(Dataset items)
----------
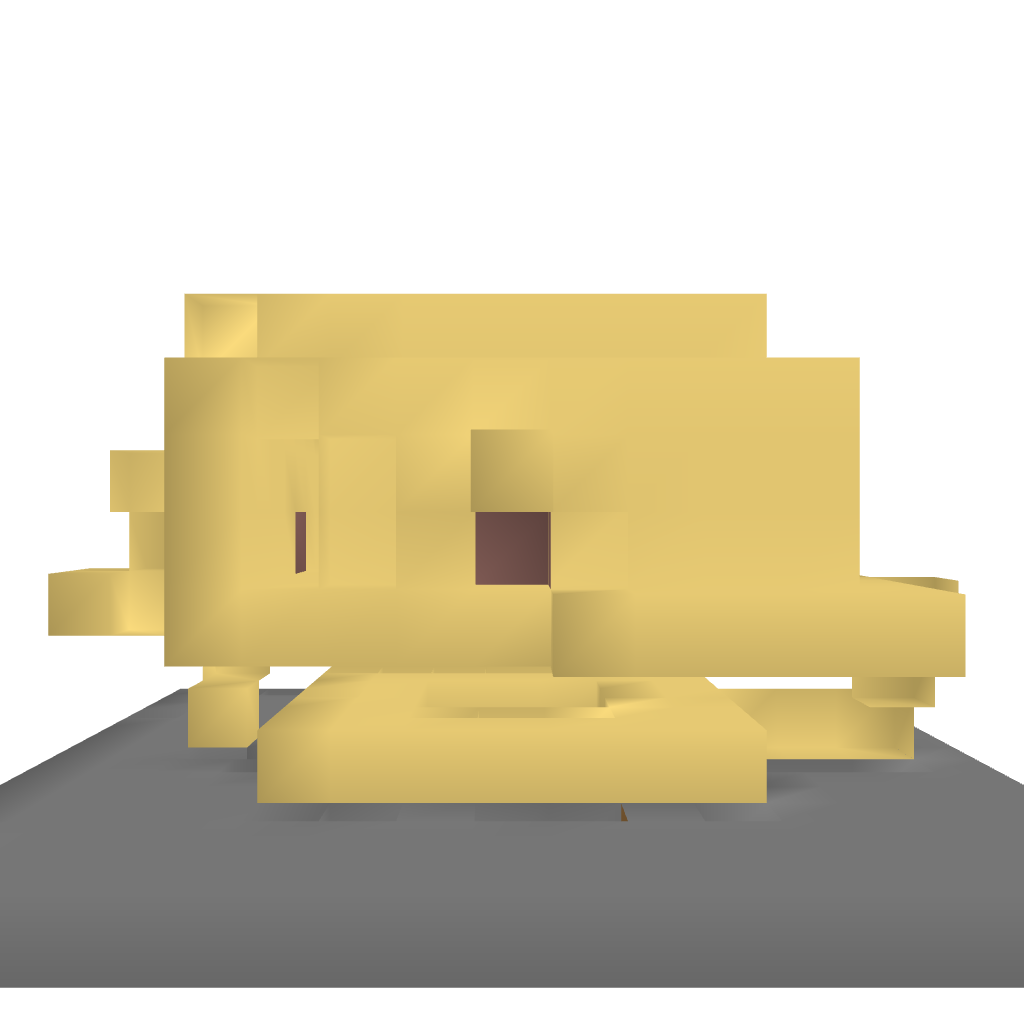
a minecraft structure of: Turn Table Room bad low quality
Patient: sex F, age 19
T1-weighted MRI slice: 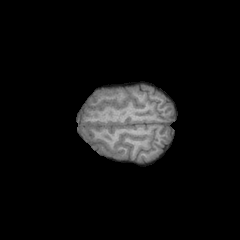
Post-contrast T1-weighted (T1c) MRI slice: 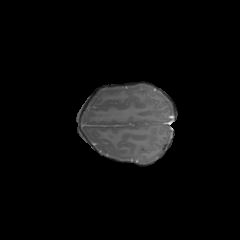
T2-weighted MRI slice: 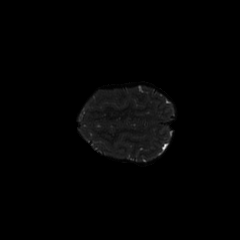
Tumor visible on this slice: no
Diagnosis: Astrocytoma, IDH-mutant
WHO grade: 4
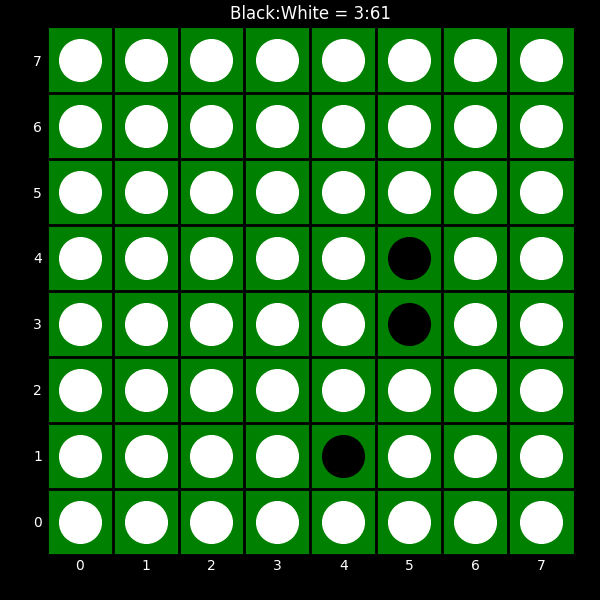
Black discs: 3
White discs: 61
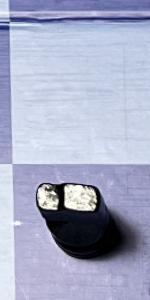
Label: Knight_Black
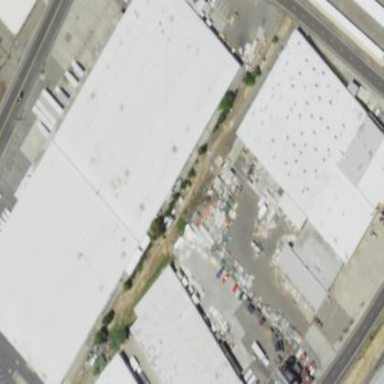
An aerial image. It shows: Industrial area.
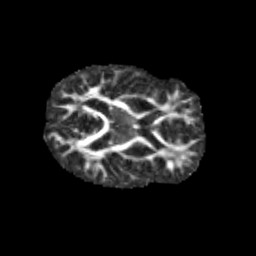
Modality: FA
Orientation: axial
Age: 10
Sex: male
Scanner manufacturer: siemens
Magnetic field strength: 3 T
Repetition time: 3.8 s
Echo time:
----------
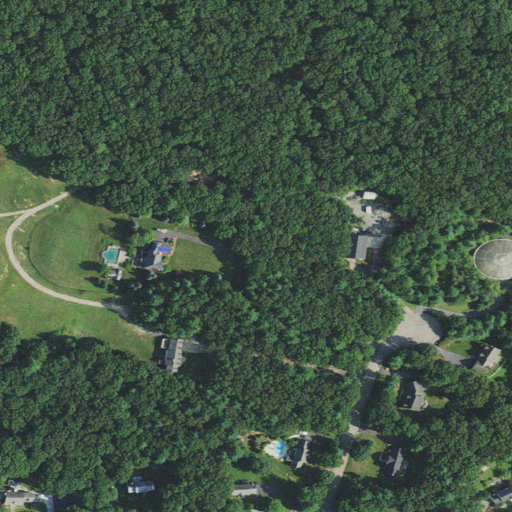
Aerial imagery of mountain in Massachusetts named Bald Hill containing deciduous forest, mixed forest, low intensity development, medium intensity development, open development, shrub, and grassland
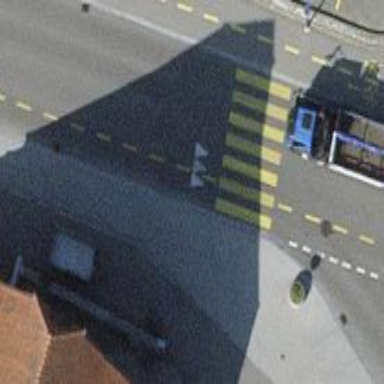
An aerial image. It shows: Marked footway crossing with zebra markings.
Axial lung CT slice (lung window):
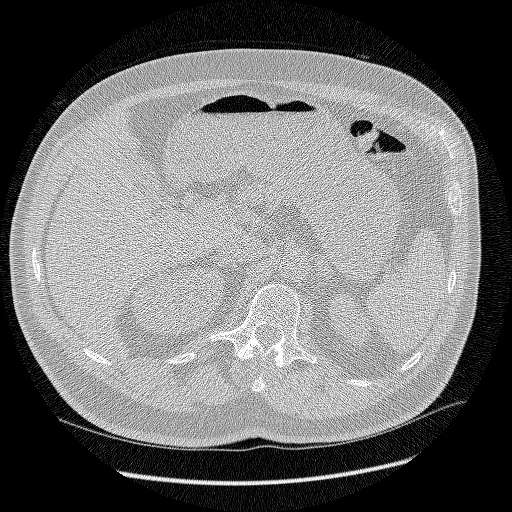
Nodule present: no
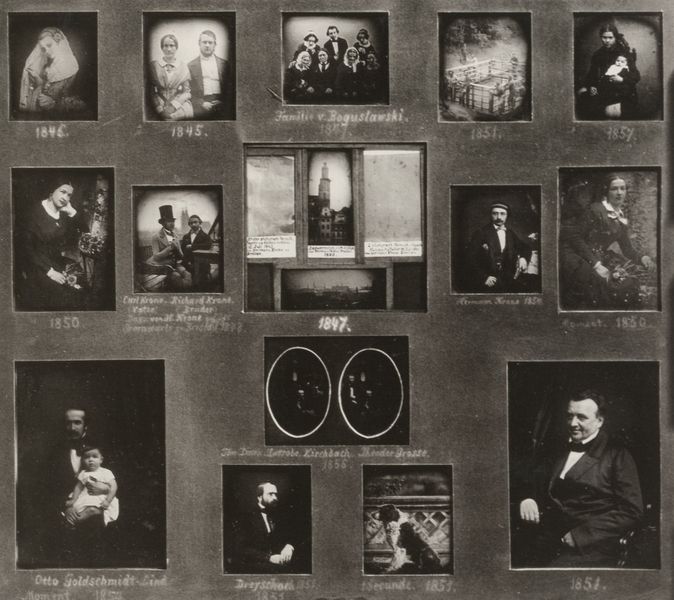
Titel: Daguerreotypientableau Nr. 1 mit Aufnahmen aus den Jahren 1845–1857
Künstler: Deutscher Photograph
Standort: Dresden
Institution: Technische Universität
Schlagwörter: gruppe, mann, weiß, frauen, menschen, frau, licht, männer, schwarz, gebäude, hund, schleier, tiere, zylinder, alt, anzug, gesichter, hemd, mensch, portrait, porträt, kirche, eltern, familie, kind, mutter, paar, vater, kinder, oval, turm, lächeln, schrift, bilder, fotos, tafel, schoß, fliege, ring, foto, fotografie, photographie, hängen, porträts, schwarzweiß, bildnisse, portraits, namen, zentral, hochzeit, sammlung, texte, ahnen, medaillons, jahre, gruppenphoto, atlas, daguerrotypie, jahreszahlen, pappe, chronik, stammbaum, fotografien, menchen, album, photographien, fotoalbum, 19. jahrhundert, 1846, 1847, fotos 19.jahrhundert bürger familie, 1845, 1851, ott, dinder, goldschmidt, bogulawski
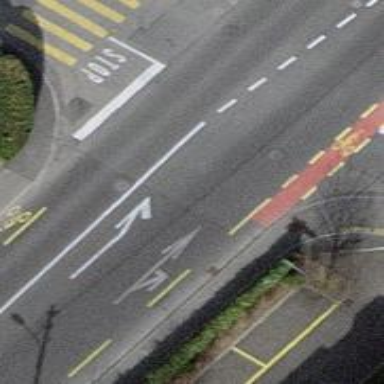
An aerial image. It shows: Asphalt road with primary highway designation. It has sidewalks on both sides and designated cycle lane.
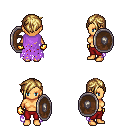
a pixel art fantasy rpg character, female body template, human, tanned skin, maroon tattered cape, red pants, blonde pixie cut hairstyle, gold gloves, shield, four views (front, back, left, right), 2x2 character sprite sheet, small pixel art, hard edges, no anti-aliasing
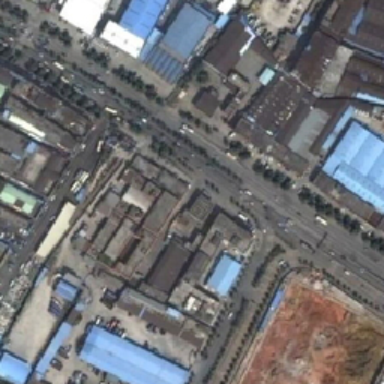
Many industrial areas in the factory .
----------
WHAT IS EXPECTED:
Find the line with "a minecraft structure" and the line with "An aerial image. It shows: Industrial area." in the records above. Copy both and all lines between them exactly, without pictures.

RESPONSE:
a minecraft structure of: Turn Table Room bad low quality
Patient: sex F, age 19
T1-weighted MRI slice: 
Post-contrast T1-weighted (T1c) MRI slice: 
T2-weighted MRI slice: 
Tumor visible on this slice: no
Diagnosis: Astrocytoma, IDH-mutant
WHO grade: 4
Black discs: 3
White discs: 61
Label: Knight_Black
An aerial image. It shows: Industrial area.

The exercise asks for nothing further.